A few months ago, I was talking to an analyst from a market-research firm. Our business-related conversation was over, so we turned our attention to personal chitchat. Being the nerd that I am, I tried to tie some parts of the conversation back to the technological topics we had already discussed. The most notable moment came when I explained that about 95% of my young son’s video collection is in DVD format, not VHS.
In the uncommon circumstance when I pop a tape in the VCR and have to rewind it before he can watch, the kid doesn’t know what’s going on. He’s so used to the conveniences of DVD technology, that with the attention span of a typical three-year-old, rewinding a VHS tape seems like an utter waste of time.
“He’s been spoiled by digital and can’t accept the analog world,” said the voice on the other end of the phone. And, like this gentleman’s research reports, he was pretty darn accurate.
If I tried to break into the lecture about how, when I was my son’s age, there was no such thing as a VCR, and when I finally got one I sure didn’t complain about rewinding a tape … well, I’d sound like my father when he talked about walking to and from school and being happy to do it. My lecture would be just as effective as his was, which is to say it would be remembered only so it could be mocked.
From this experience, I concluded that I have reached an age at which parts of the world have officially passed me by, and I better get moving if I’m going to catch up.
It is, in fact, a digital world, not an analog one anymore.
And while I might try to make a humorous observation using my personal life as an example, the digital reality has serious implications on the realm in which we all work. My job and this publication are no exceptions. In fact, the manner in which you are reading this column right now plays into the dynamics.
For a long time, our magazine’s editorial content has been posted online for anyone to read, whether they receive a subscription to the magazine or not. Every month, people visit our home page to read the content. But beyond that, a little more than a year ago, Cabling Installation & Maintenance began offering digital delivery, which is different from the online posting of content.
With digital delivery, a subscriber gets this magazine in his or her e-mail inbox rather than at the doorstep. An e-mail message alerts the subscriber that the issue is available for download, and that downloadable issue includes everything you would see in a printed issue on your desk: the front cover; formatted articles, photos, and diagrams; and advertisements. It looks just like the printed issue.
Cabling Installation & Maintenance and other magazines published by PennWell have found that few readers are on the fence about digital editions.
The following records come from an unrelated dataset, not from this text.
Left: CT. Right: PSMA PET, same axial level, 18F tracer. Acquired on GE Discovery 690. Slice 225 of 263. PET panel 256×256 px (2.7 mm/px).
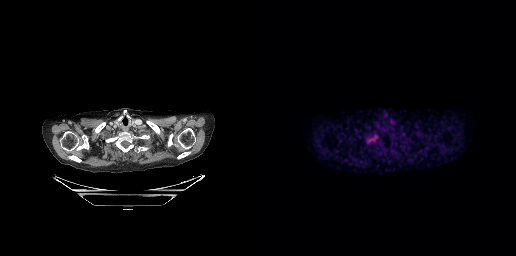
Coordinates are on the 256×256 PET (right) panel. PSMA-avid tumor lesion bounding boxes:
| # | x0 | y0 | x1 | y1 |
|---|---|---|---|---|
| 1 | 107 | 134 | 118 | 143 |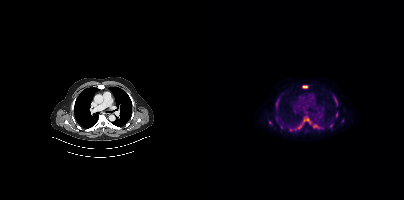
Findings: Coordinates are on the 200×200 PET (right) panel. PSMA-avid tumor lesion bounding boxes (x0,y0,x1,y1): [98,118,116,128], [85,125,97,131], [129,96,133,106], [98,85,103,88], [72,100,74,108], [131,112,134,116], [76,124,79,128], [125,124,129,127]. Small PSMA-avid foci (2 to 4 px across) near (center x, center y): (66, 122), (72, 118), (138, 120).
- Paired axial CT (left) and PSMA PET (right), [18F]PSMA-1007 tracer
- slice 268 of 395
- PET panel 200×200 px (4.1 mm/px)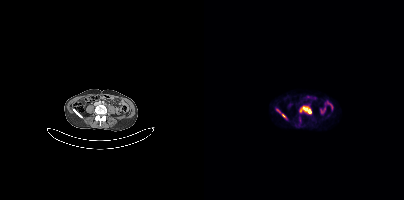
{"modality":"PSMA PET/CT","view":"axial","tracer":"[68Ga]Ga-PSMA-11","pet_grid":[200,200],"coord_frame":"pet_panel","coord_format":"x0,y0,x1,y1","lesion_bboxes":[[96,106,107,113]],"small_foci_centers":[[79,115],[74,110]]}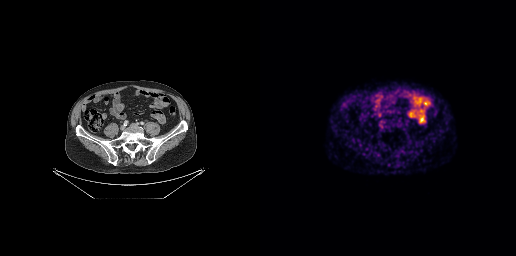
Technique: Two-panel axial: CT | PSMA PET, 68Ga tracer. slice position z = -753 mm. PET panel 256×256 px (2.7 mm/px).
Findings: This slice has no annotated PSMA-avid lesion.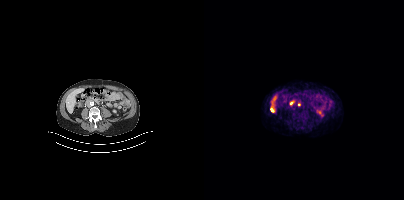
{"modality":"PSMA PET/CT","view":"axial","tracer":"68Ga","pet_grid":[200,200],"coord_frame":"pet_panel","coord_format":"x0,y0,x1,y1","lesion_bboxes":[[86,100,90,105]],"small_foci_centers":[[95,104],[67,110]]}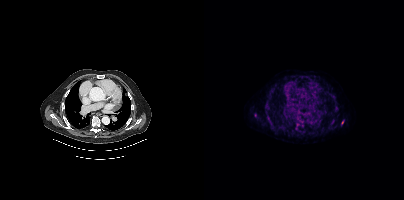
Coordinates are on the 200×200 PET (right) panel. (showing 3 of 7 foci) Small PSMA-avid foci (2 to 4 px across) near (center x, center y): (138, 122); (51, 115); (93, 124).

Most people either love them or hate them. The good thing is if you elect digital delivery of this publication and discover you’re a “hater,” you can switch back to print delivery right away.
Another way this magazine has embraced digital delivery of information is through online seminars, which we call Webcasts. In May, Cabling Installation & Maintenance produced a Webcast on the topic of 10GBase-T and Augmented Category 6 cabling, educating attendees about what’s ahead in the standards process and the decisions they’ll face if they choose an Augmented Category 6 infrastructure.
In case you weren’t aware of this Webcast or otherwise missed its live broadcast, you can find it archived on our home page (www.cable-install.com), where it will be available until May 2006.
We’re planning another Webcast for this month on the topic of cabling systems in data centers. And I personally guarantee that you’ll get every penny’s worth of the registration price.
That’s an easy promise to make because it’s free.
I also promise that if you only make it halfway through the Webcast and have to start over again another time, you won’t have to rewind it first.